To relieve the congestion, Enterprise will have to construct and complete a lateral pipeline from the Jones Creek delivery point to the Enterprise Crude Houston, or ECHO, crude oil terminal. As a result of congestion at the Houston end of the Seaway system, capacity may remain well below the initially targeted 400,000 barrels per day until late in the year. So that's one big reason right there why the WTI-Brent spread may remain wide throughout the year.
The Keystone XL Gulf Coast expansion
The second relief valve is expected to be the proposed Keystone XL Gulf Coast expansion project, which is operated by TransCanada (NYSE:TRP). The project consists of a 1,660-mile pipeline that will run from Alberta through Saskatchewan, Montana, South Dakota, and Nebraska and will end up at refining centers along the Texas Gulf Coast. As the name suggests, it is an extension of the current Keystone Pipeline system that went into service in June 2010 and transports Canadian crude to Midwestern markets.
TransCanada expects the Keystone XL and Gulf Coast Project to have a combined initial capacity of 700,000 barrels per day and a potential capacity of 830,000 barrels per day. However, the project isn't expected to be operational until late this year. In the most recent earnings conference call, TransCanada CEO Russell Girling said the project is 45% completed and should be in service late in 2013.
So it looks like the Keystone Gulf Coast expansion may have little impact on relieving swollen Cushing inventories this year. And as with Seaway, the possibility of setbacks that could postpone its completion shouldn't be taken lightly.
For instance, thousands of people are opposed to the project on environmental grounds. Girling acknowledged these activists in the conference call: "As many of you might be aware as well, many out-of-state sort of professional, or what we call activists, have done their best to slow down the project and stop our project, primarily in Texas."
These activists show no sign of relenting to oil companies' concerns, either.
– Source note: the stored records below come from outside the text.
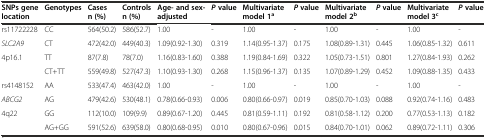
<table><thead><tr><td><b>SNPs gene location</b></td><td><b>Genotypes</b></td><td><b>Cases n (%)</b></td><td><b>Controls n (%)</b></td><td><b>Age- and sex- adjusted</b></td><td><b><i>P</i>value</b></td><td><b>Multivariate model 1<sup>a</sup></b></td><td><b><i>P</i>value</b></td><td><b>Multivariate model 2<sup>b</sup></b></td><td><b><i>P</i>value</b></td><td><b>Multivariate model 3<sup>c</sup></b></td><td><b><i>P</i>value</b></td></tr></thead><tbody><tr><td>rs11722228</td><td>CC</td><td>564(50.2)</td><td>586(52.7)</td><td>1.00</td><td>-</td><td>1.00</td><td>-</td><td>1.00</td><td>-</td><td>1.00</td><td>-</td></tr><tr><td><i>SLC2A9</i></td><td>CT</td><td>472(42.0)</td><td>449(40.3)</td><td>1.09(0.92-1.30)</td><td>0.319</td><td>1.14(0.95-1.37)</td><td>0.175</td><td>1.08(0.89-1.31)</td><td>0.445</td><td>1.06(0.85-1.32)</td><td>0.611</td></tr><tr><td>4p16.1</td><td>TT</td><td>87(7.8)</td><td>78(7.0)</td><td>1.16(0.83-1.60)</td><td>0.388</td><td>1.19(0.84-1.69)</td><td>0.322</td><td>1.05(0.73-1.51)</td><td>0.801</td><td>1.27(0.84-1.93)</td><td>0.262</td></tr><tr><td></td><td>CT+TT</td><td>559(49.8)</td><td>527(47.3)</td><td>1.10(0.93-1.30)</td><td>0.268</td><td>1.15(0.96-1.37)</td><td>0.135</td><td>1.07(0.89-1.29)</td><td>0.452</td><td>1.09(0.88-1.35)</td><td>0.433</td></tr><tr><td>rs4148152</td><td>AA</td><td>533(47.4)</td><td>463(42.0)</td><td>1.00</td><td>-</td><td>1.00</td><td>-</td><td>1.00</td><td>-</td><td>1.00</td><td>-</td></tr><tr><td><i>ABCG2</i></td><td>AG</td><td>479(42.6)</td><td>530(48.1)</td><td>0.78(0.66-0.93)</td><td>0.006</td><td>0.80(0.66-0.97)</td><td>0.019</td><td>0.85(0.70-1.03)</td><td>0.088</td><td>0.92(0.74-1.16)</td><td>0.483</td></tr><tr><td>4q22</td><td>GG</td><td>112(10.0)</td><td>109(9.9)</td><td>0.89(0.67-1.20)</td><td>0.445</td><td>0.81(0.59-1.11)</td><td>0.192</td><td>0.81(0.58-1.12)</td><td>0.200</td><td>0.77(0.53-1.13)</td><td>0.182</td></tr><tr><td></td><td>AG+GG</td><td>591(52.6)</td><td>639(58.0)</td><td>0.80(0.68-0.95)</td><td>0.010</td><td>0.80(0.67-0.96)</td><td>0.015</td><td>0.84(0.70-1.01)</td><td>0.062</td><td>0.89(0.72-1.11)</td><td>0.306</td></tr></tbody></table>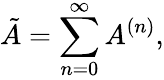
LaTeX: \tilde{A}=\sum_{n=0}^{\infty}A^{(n)},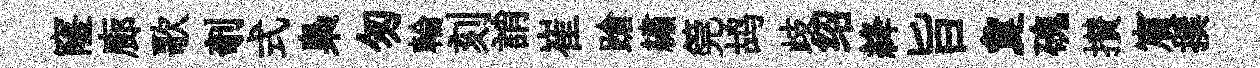
窿廊歌剞式梟匆輪刻誚崔蹌繡筦鸪歧绍絳旨夐磈攅賔撰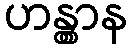
ဟန္တွာန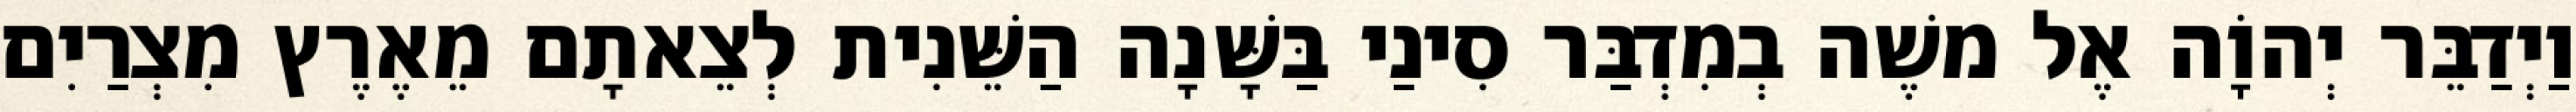
וַיְדַבֵּר יְהוָֹה אֶל משֶׁה בְמִדְבַּר סִינַי בַּשָּׁנָה הַשֵּׁנִית לְצֵאתָם מֵאֶרֶץ מִצְרַיִם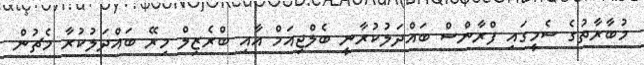
މުބާރާތުގެ ސެމީގައި ފްރާންސް ބައްދަލުކުރާނީ ބެލްޖިއަމް އާއި ބްރެޒިލް މިރޭ ބައްދަލުކުރާ މެޗުން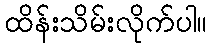
ထိန်းသိမ်းလိုက်ပါ။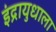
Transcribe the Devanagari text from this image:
इंद्रायुधाला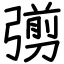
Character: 彅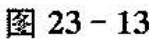
图23-13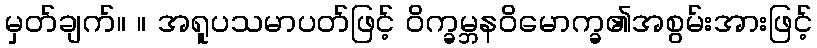
မှတ်ချက်။ ။ အရူပသမာပတ်ဖြင့် ဝိက္ခမ္ဘနဝိမောက္ခ၏အစွမ်းအားဖြင့်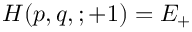
H ( p , q , ; + 1 ) = E _ { + }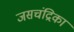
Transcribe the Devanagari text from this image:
जसचंद्रिका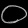
Digit: ၀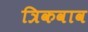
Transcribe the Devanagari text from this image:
त्रिकवाव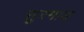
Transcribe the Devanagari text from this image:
सुरमाड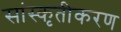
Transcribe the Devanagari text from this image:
सांस्कृतीकरण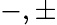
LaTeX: {-,\pm}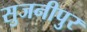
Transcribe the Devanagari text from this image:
सुजनीपुर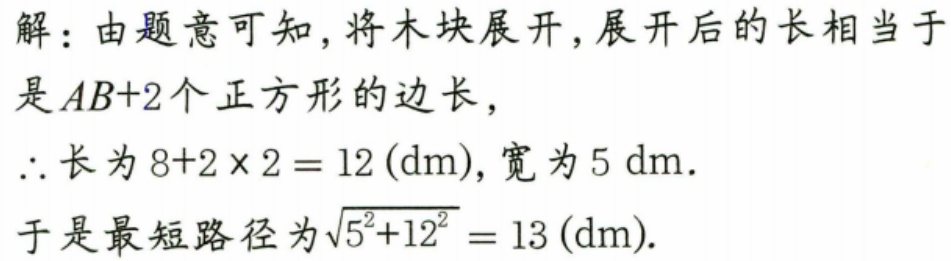
解：由题意可知，将木块展开，展开后的长相当于是\(AB + 2\)个正方形的边长，
\(\therefore\)长为\(8 + 2\times2 = 12(\text{dm})\)，宽为\(5\text{ dm}\).
于是最短路径为\(\sqrt{5^{2}+12^{2}} = 13(\text{dm})\).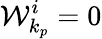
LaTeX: \mathcal{W}_{k_{p}}^{i}=0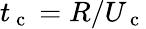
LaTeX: t_{\mathrm{~c~}}=R/U_{\mathrm{~c~}}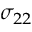
\sigma _ { 2 2 }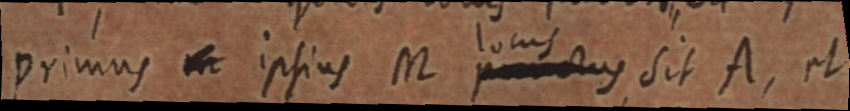
primus in ipsius M locus punctus sit A, et

Last week, tens of thousands turned out at the National Mall, with many of them voicing their concerns about Keystone's greater greenhouse gas footprint and its impact on the environment. If the movement grows, it could pose a serious threat to the completion of TransCanada's ambitious project.
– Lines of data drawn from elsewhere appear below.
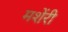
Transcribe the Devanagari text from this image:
मशेंरी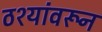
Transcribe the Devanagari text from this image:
ठश्यांवरून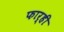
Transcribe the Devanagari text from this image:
फार्ही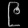
Digit: ၉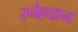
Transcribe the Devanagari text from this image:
स्नेहदान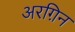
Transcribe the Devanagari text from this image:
अरग़िन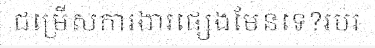
ជម្រើសការងារផ្សេងមែនទេ?របរ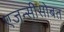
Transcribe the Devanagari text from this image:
एजन्सीसोबत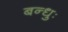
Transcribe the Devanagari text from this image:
बन्धुः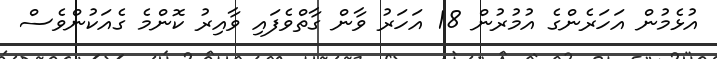
އުޅެމުން އަހަރެންގެ އުމުރުން 18 އަހަރު ވާން ގާތްވެފައި ވާއިރު ކޮންމެ ގެއަކުންވެސް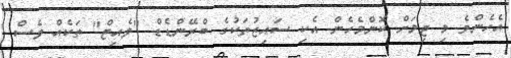
އެހެންވެ މި ޖިމަށް ކޮންމެހެން އެކި ސައިޒުތަކުގެ ބްރޭންޑެޑް "ވެއިޓް" ތަކެއް ވެސް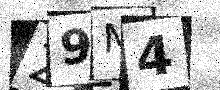
Text: 29M4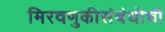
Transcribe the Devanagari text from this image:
मिरवणुकीसंबंधीची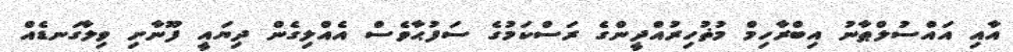
އާއި އައްސުލްޠާނު އިބްރާހިމް މުޡުހިރުއްދީންގެ ރަސްކަމުގެ ސަފުޙާވެސް އެއްލިގެން ދިޔައީ ފޫނާށި ވިލާގަނޑެއް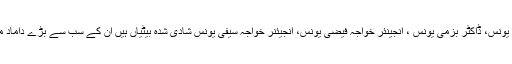
پسماندگان میں شوہر ڈاکٹر خواجہ سیّد محمد یونس کے علاوہ چار بیٹے ڈاکٹر رزمی یونس، ڈاکٹر بزمی یونس ، انجینئر خواجہ فیضی یونس، انجیئنر خواجہ سیفی یونس شادی شدہ بیٹیاں ہیں ان کے سب سے بڑے داماد محمد احمد ،شہنشاہ اور تمام دامادوں کو بھی وہ اپنے لڑکوں کی ہی طرح مانتی تھی ۔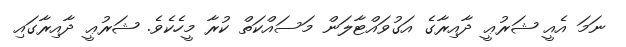
ނަމަ އެއީ ޝަރުޢީ ދާއިރާގެ އަގުވައްޓާލަން މަސައްކަތް ކުރާ މީހެކެވެ. ޝަރުޢީ ދާއިރާގައި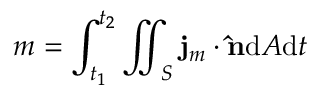
m = \int _ { t _ { 1 } } ^ { t _ { 2 } } \iint _ { S } \mathbf { j } _ { m } \cdot \mathbf { \hat { n } } \mathrm { { d } } A \mathrm { { d } } t

Given the combination of rapidly rising domestic oil production and the tenuous impact of the Seaway and Keystone expansion projects, there is a good chance that Cushing stockpiles may not decline as fast as some are expecting. Hence, there is also a good chance that the WTI-Brent spread remains in the $15-$20 per barrel range for the remainder of the year.
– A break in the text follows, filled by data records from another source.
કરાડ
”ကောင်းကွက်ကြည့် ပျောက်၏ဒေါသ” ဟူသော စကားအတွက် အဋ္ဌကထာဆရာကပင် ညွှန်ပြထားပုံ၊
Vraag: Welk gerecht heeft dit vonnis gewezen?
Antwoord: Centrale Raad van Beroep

If this happens, it should mean the continuance of good times for refiners with access to cheap WTI. For the past couple of years, these refiners – most of them located in the Midwest – have benefited handsomely from the price disparity between WTI and Brent. Basically, they get to use the cheaper WTI as feedstock, while selling the refined product into global markets, where it fetches a higher price.
As a result, their margins have been more attractive than ever. For instance, per barrel gross refining margins for HollyFrontier, Marathon Petroleum, and Western Refining were among the highest in the industry last year, with all three benefiting from access to cost-advantaged inland crudes. If my theory plays out, margins at these companies should remain attractive for the rest of the year.